The University of Nostradamus Agronomy Laboratories have issued a statement admitting as “ill-advised” their release into the wild of an invasive, highly prolific plant that can consume the flesh of any animal, humans included.

The plant, prunus packerensis carnrivorus tuberosa, has already been observed growing as a virulent weed throughout central and northern Indiana, Illinois and southern Michigan.

It has no natural predators,” explained Griffin Blackheart, Director of Research at the highly regarded facility. “Or rather, it would have predators if it didn’t always eat them first. So you can see the challenges involved in trying to control it.”

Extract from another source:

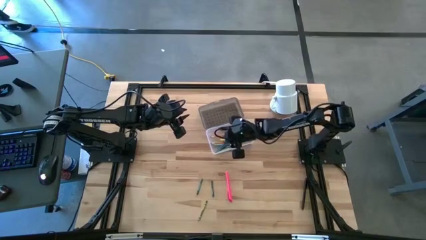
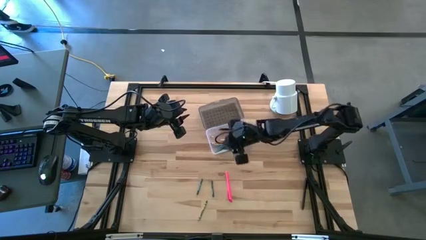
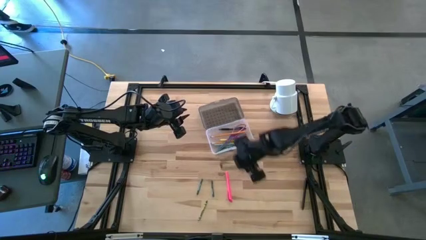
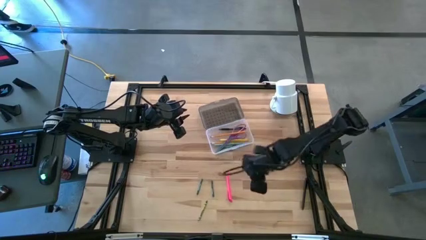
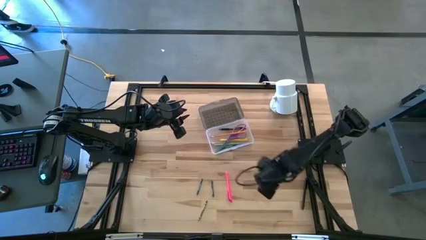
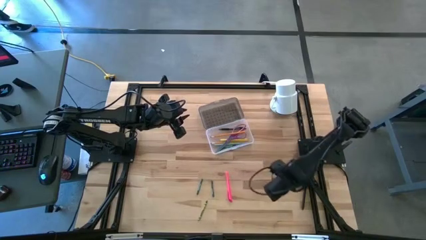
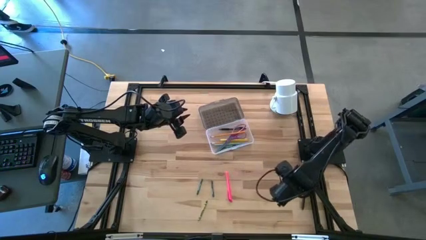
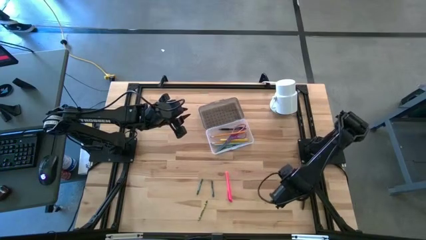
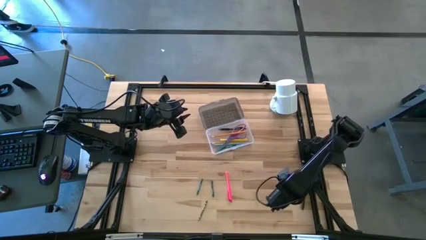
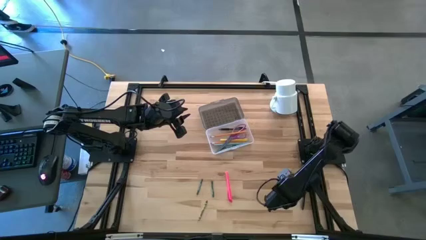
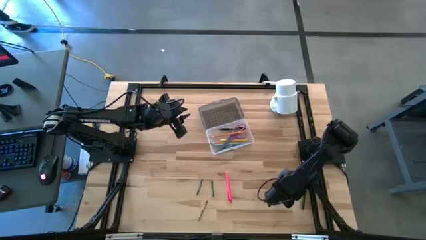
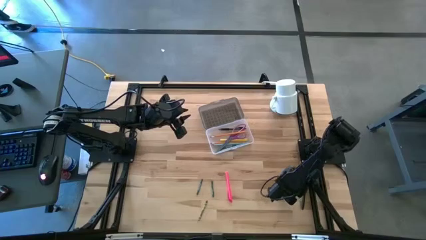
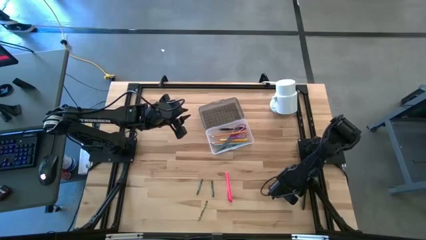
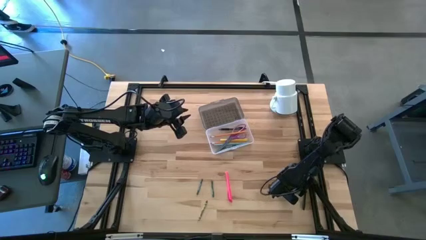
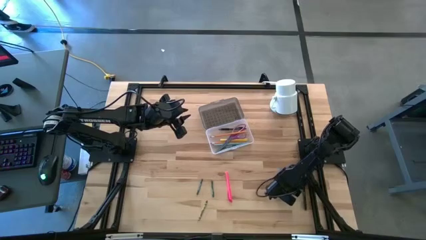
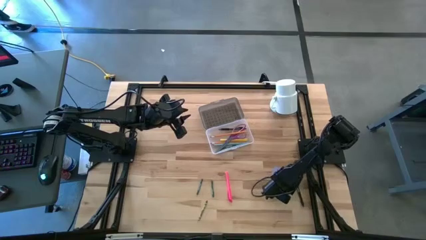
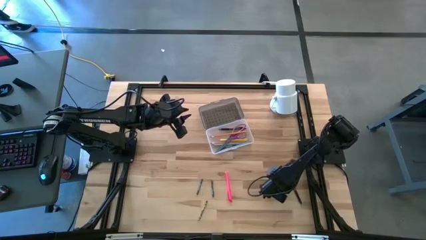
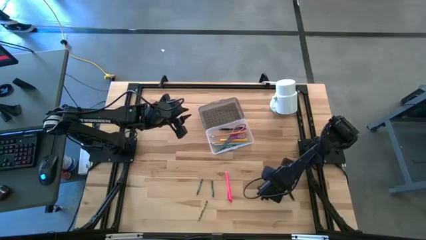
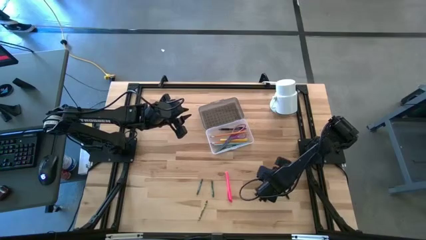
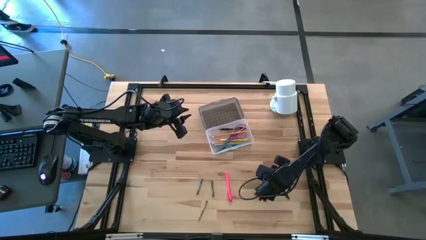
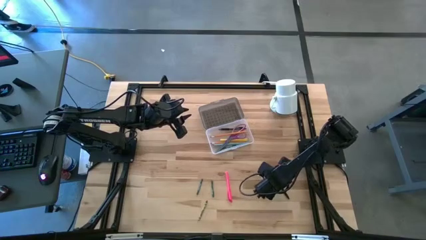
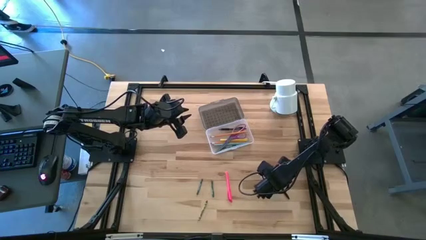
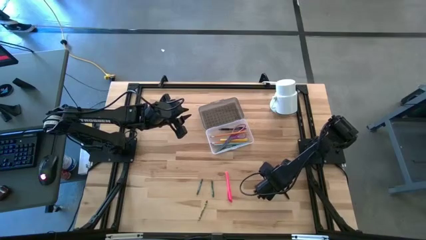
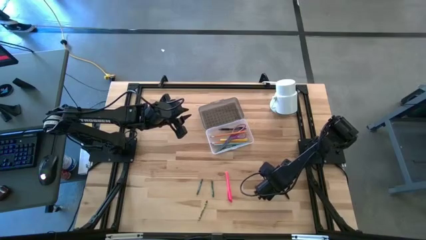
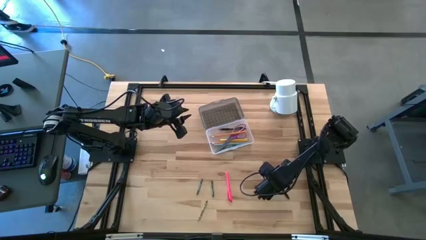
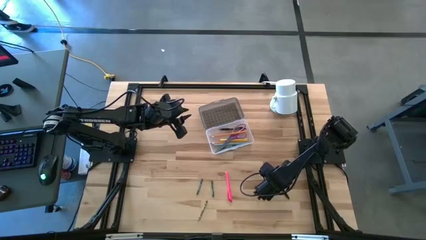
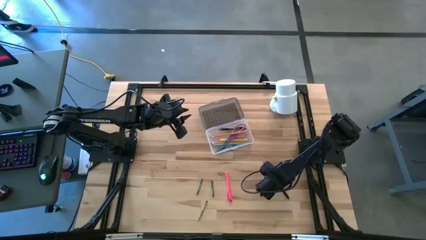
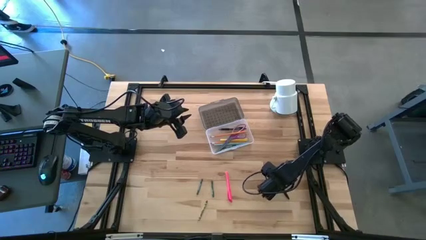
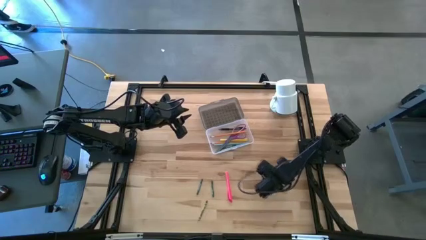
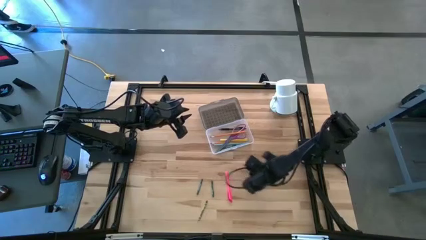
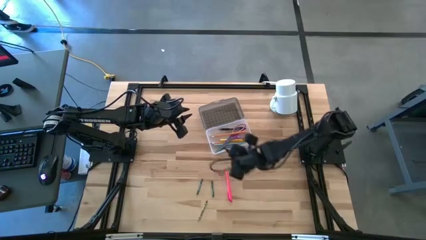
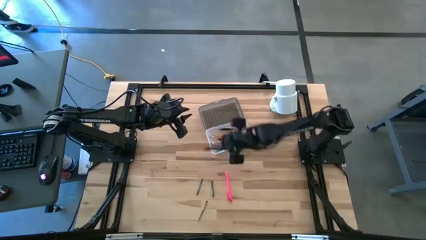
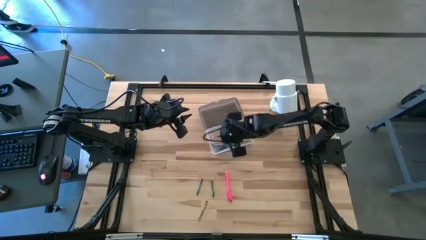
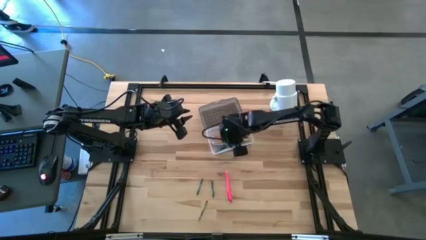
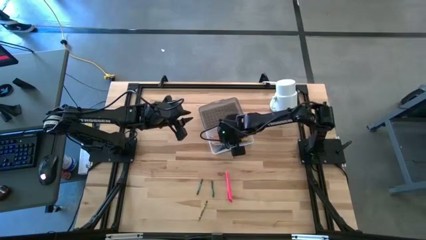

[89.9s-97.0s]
Put the black pen into the gray supply box

While no human deaths have been attributed to the plant, colloquially known as Daumer Weed, several farmers have reported losing fingers while attempting to clear the plants by hand. Rural and suburban communities throughout the region have begun to blame a dramatic increase in disappearance of pets on the weed’s spread.

The plant was originally developed by the university’s labs as part of a cooperative project funded by Mondiablo Inc., makers of agricultural chemicals, most notably pesticides.

In a formal statement, Damian Cudgel, Mondiablo’s Director of Public Information, noted, “We saw this as a fantastic opportunity to respond to growing public sentiment against agricultural chemicals: an all-natural form of pest control, if you will. We certainly couldn’t have predicted this unfortunate turn of events.”

Yes, we admit our mistake,” says Blackheart. “Of course this doesn’t lessen the university’s commitment to sound agricultural policy and responsible research. Nor does it reflect negatively in any way on the integrity of our technicians.”

When pressed on this point one of the labs’ senior researchers, Dr. Seymour Krellburn, admitted that the release was “probably unintended…Actually, someone just accidently dumped the wrong packet of seed into the manure bin. It could have happened anywhere.”

According to Nostradamus’s Community Relations department, the Agronomy Labs and

Mondiablo are already at work to prevent the weed from becoming a national crisis. The plan is to develop of a highly selective herbicide, provisionally named “Agent Green,” that can be spread by earthworms and possibly by ants—to be introduced via the plant’s roots.

Frankly, this had better work,” said Krellburn. “If it doesn’t, we’ll all be manure.”